I woke up this morning feeling anxious… again! Fuck I hate that. Fortunately I’m physically well enough now that long, anxious days in bed aren’t the only option any more. I still feel like I have a mild cold, and more anxiety than I can poke a stick at.
Sometimes I can pinpoint a reason for the angst, and sometimes it’s just a tense feeling floating in my head and jaw. Doing something physical either relieves it, or distracts me enough that it’s not so bothersome. I got up, called a friend and played some drums.

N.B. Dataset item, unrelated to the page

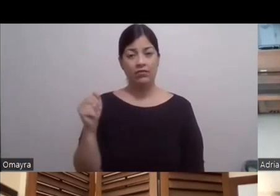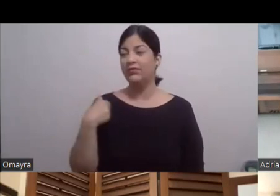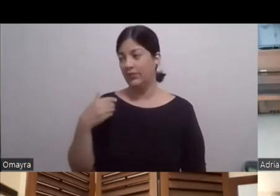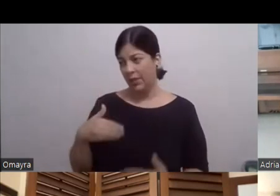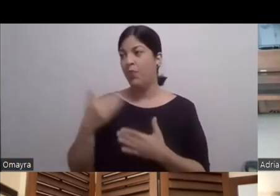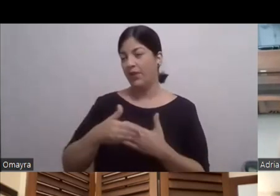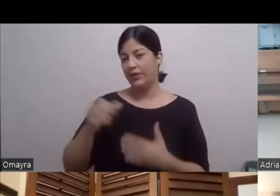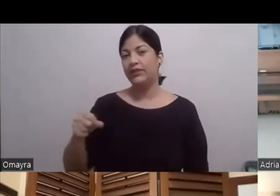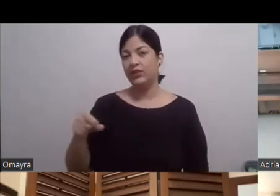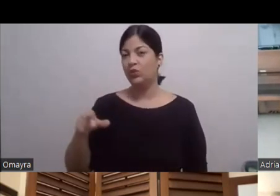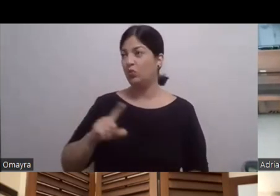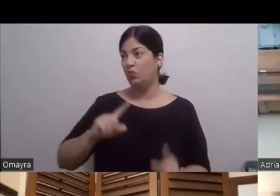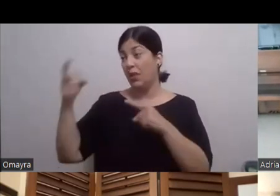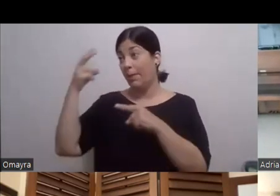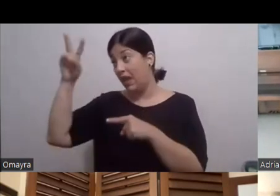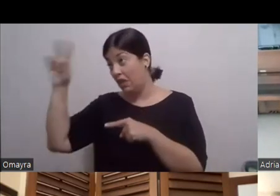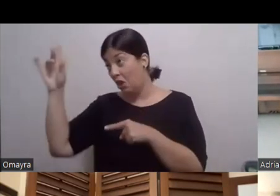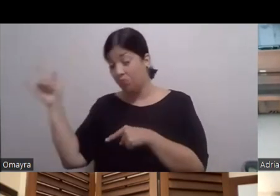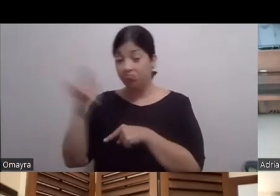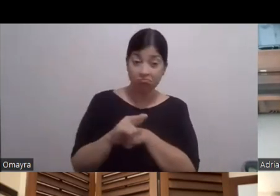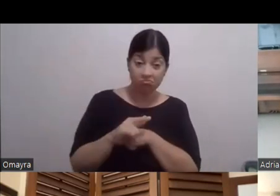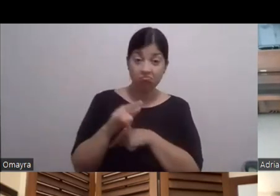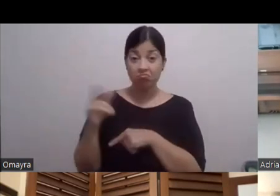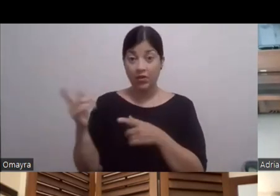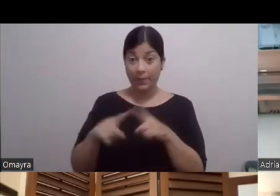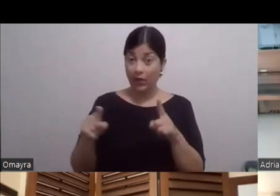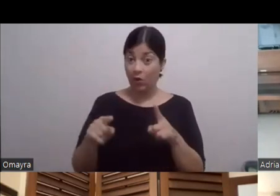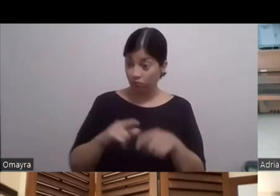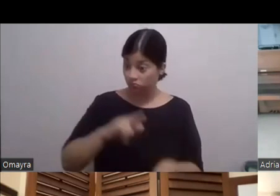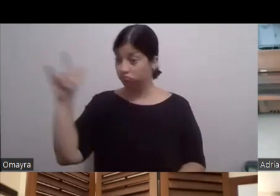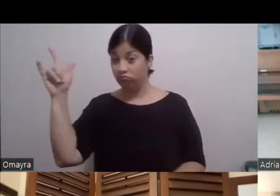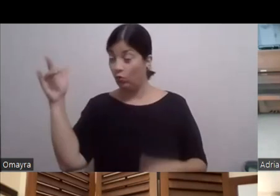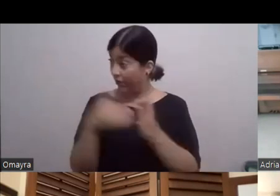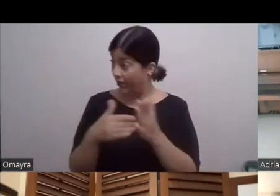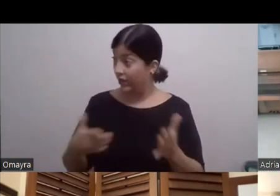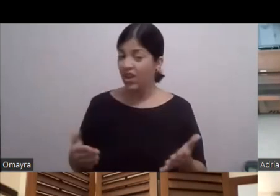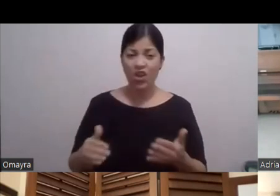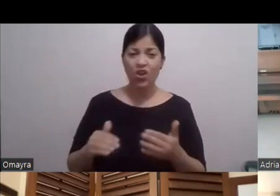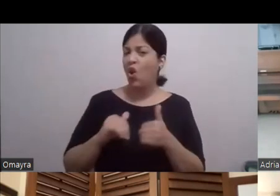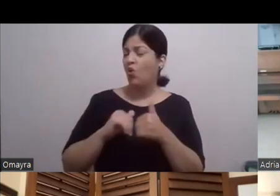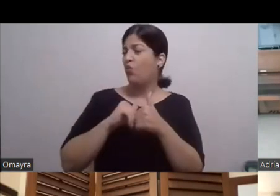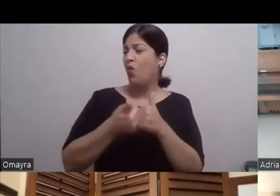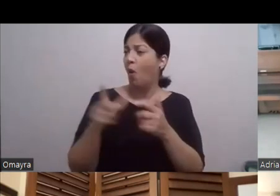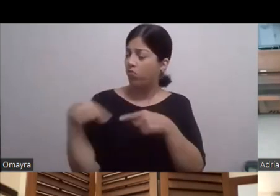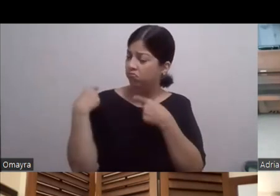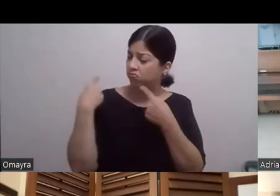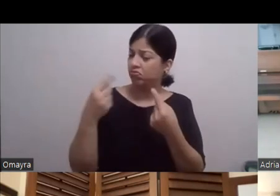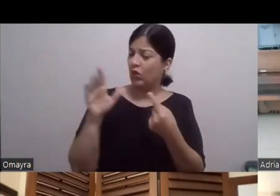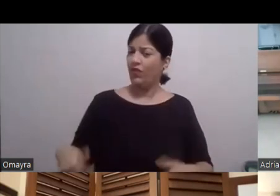A México Habías vuelto Etcétera Pero vuelves hacia allá ¿Cómo ¿Cómo ha sido ese Tu vida Del 18 Este ir y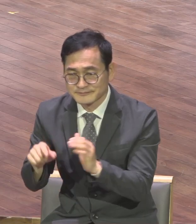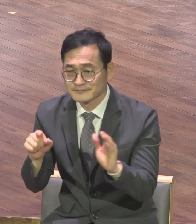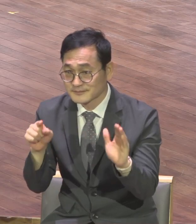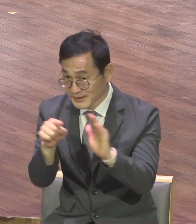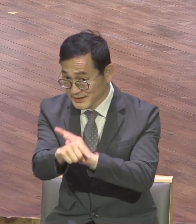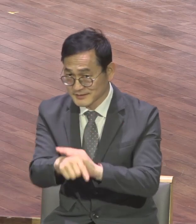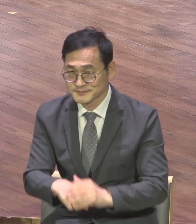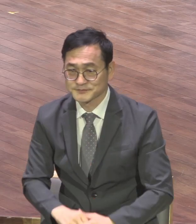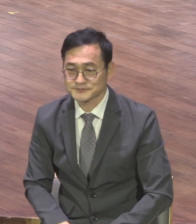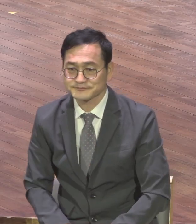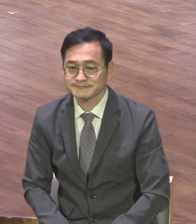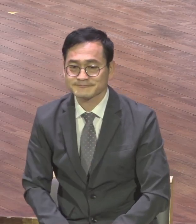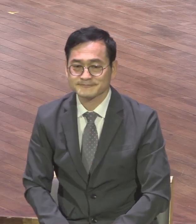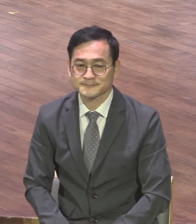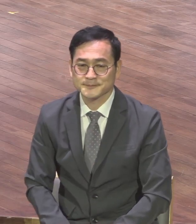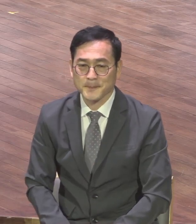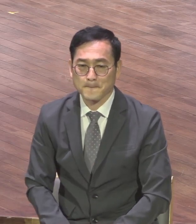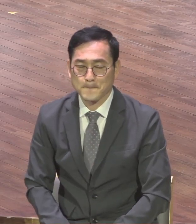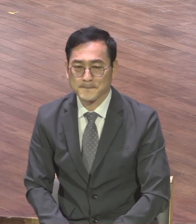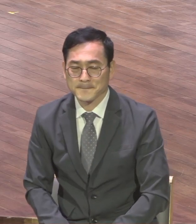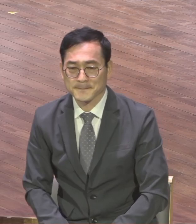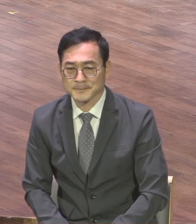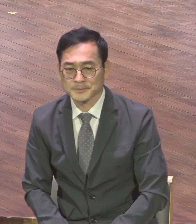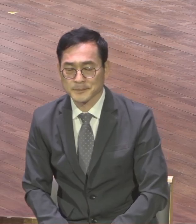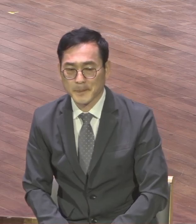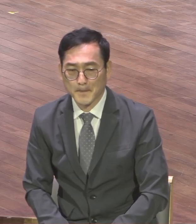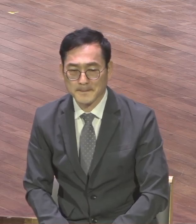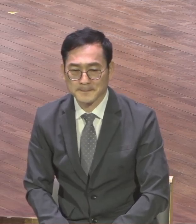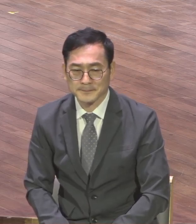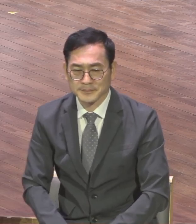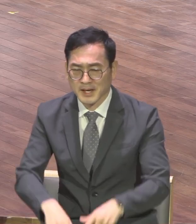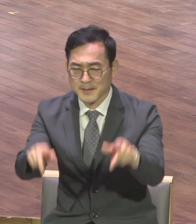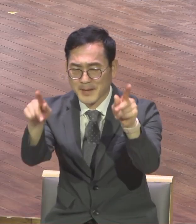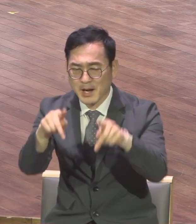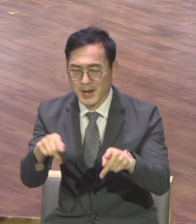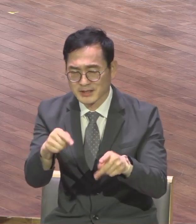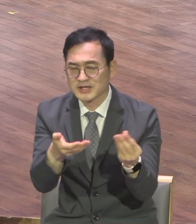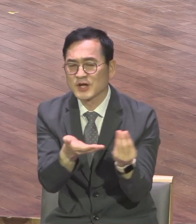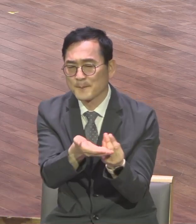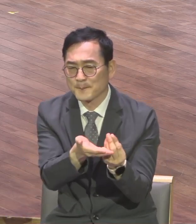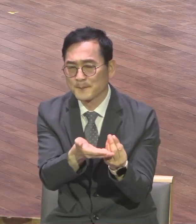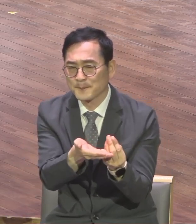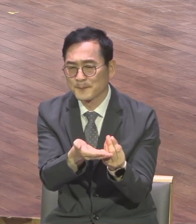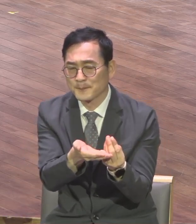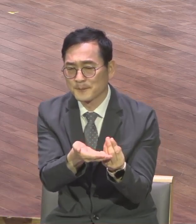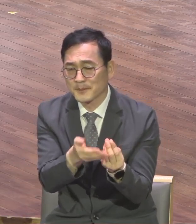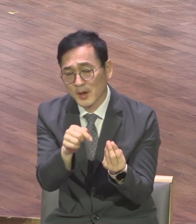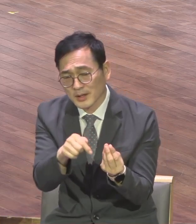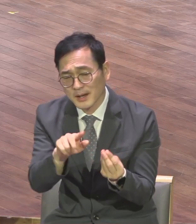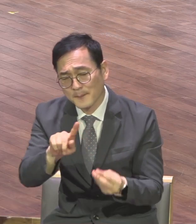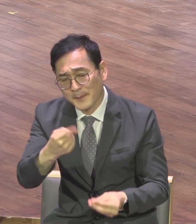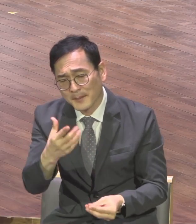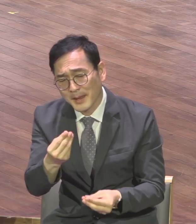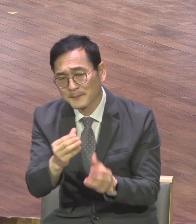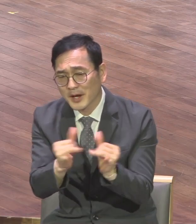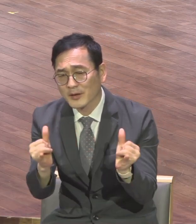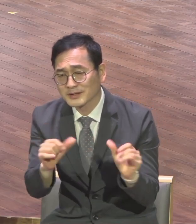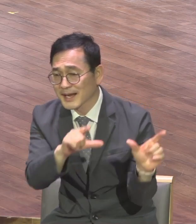팔라원 섬 제주도보다 한 몇 배 큰데 100만 명이 사는데 뒤 흔들고 왔습니다 그리고

So that’s where I’m at right now.
I just got a question via email about what has helped me most in my recovery, so I thought I’d answer that here for all to enjoy. In rough order starting with the most significant:
- Choosing to stop pressuring myself all the time
- Putting my feelings and my well-being first
- Giving up trying to please other people all the time
- Taking up physical hobbies that feel good: playing drums and bodyboarding
- Learning to identify when I’m bored or angry
- Learning to express, rather than repress, my anger when I am triggered
- Moving to live walking distance from the beach
- Increasing my social contact with other people, especially when I’m upset
- Turning my attention from getting well myself to helping other people get well
- Giving up catastrophising
- Learning to play music
- Learning to be grateful for what is working, rather than angry about what isn’t
- Learning to avoid emotionally triggering situations
- Assertively setting boundaries and unfriending people who violate them
- Expressing my feelings honestly to people I trust and feel emotionally safe with
- Shitloads of emotionally-centred psychotherapy
- Studying Nonviolent Communication
- Talking with other people who see CFS as a journey of self-discovery
- Re-engaging with life generally
- Learning to laugh at myself and see all of life as a fun game
All of these are an ongoing work-in-progress. No sooner do I write “Giving up catastrophising”, than I’m thinking “It’s never going to end!!!”
“It gets better”, the guy at chai night said. “This too shall pass”.
Of course I’ve also done Tai Chi, Qi Gong, Meditation, Yoga, chanting, dynamic meditation, biodynamic shaking meditation, dancing, etc etc. I’m sure it’s all helped, but to be honest many spiritual practices are pretty boring, and I suspect boredom is a big part of CFS for me. My body experiences it as anger, which just adds to all that repressed rage that made me sick in the first place.
I played drums last week to two groups of physically and intellectually disabled people, and was really struck by the fact that their bodies and minds are never likely to recover anywhere near where I am right now. Yet they still live, they smile sometimes, and our music made them happy. Some of them danced. Others were in wheelchairs and will probably never have the opportunity. I feel sad for them, and grateful for what I can do.
Also I was down at the beach yesterday learning to use my new body-boarding flippers. I always feel awkward and self-conscious waddling down into the water with Donald Duck sized feet. Then I notice another guy come down to the beach with a body board bag. A few minutes later, he is waddling past me awkwardly in his flippers looking rather uncoordinated, and I wonder if he feels self-conscious too. Then I look over at his stuff and notice two prosthetic lower legs. The guy has no feet. Yet here he is jumping into the ocean on his body board; and when he hits it, his flippers start working like a propellor. I wonder how he manages to do that.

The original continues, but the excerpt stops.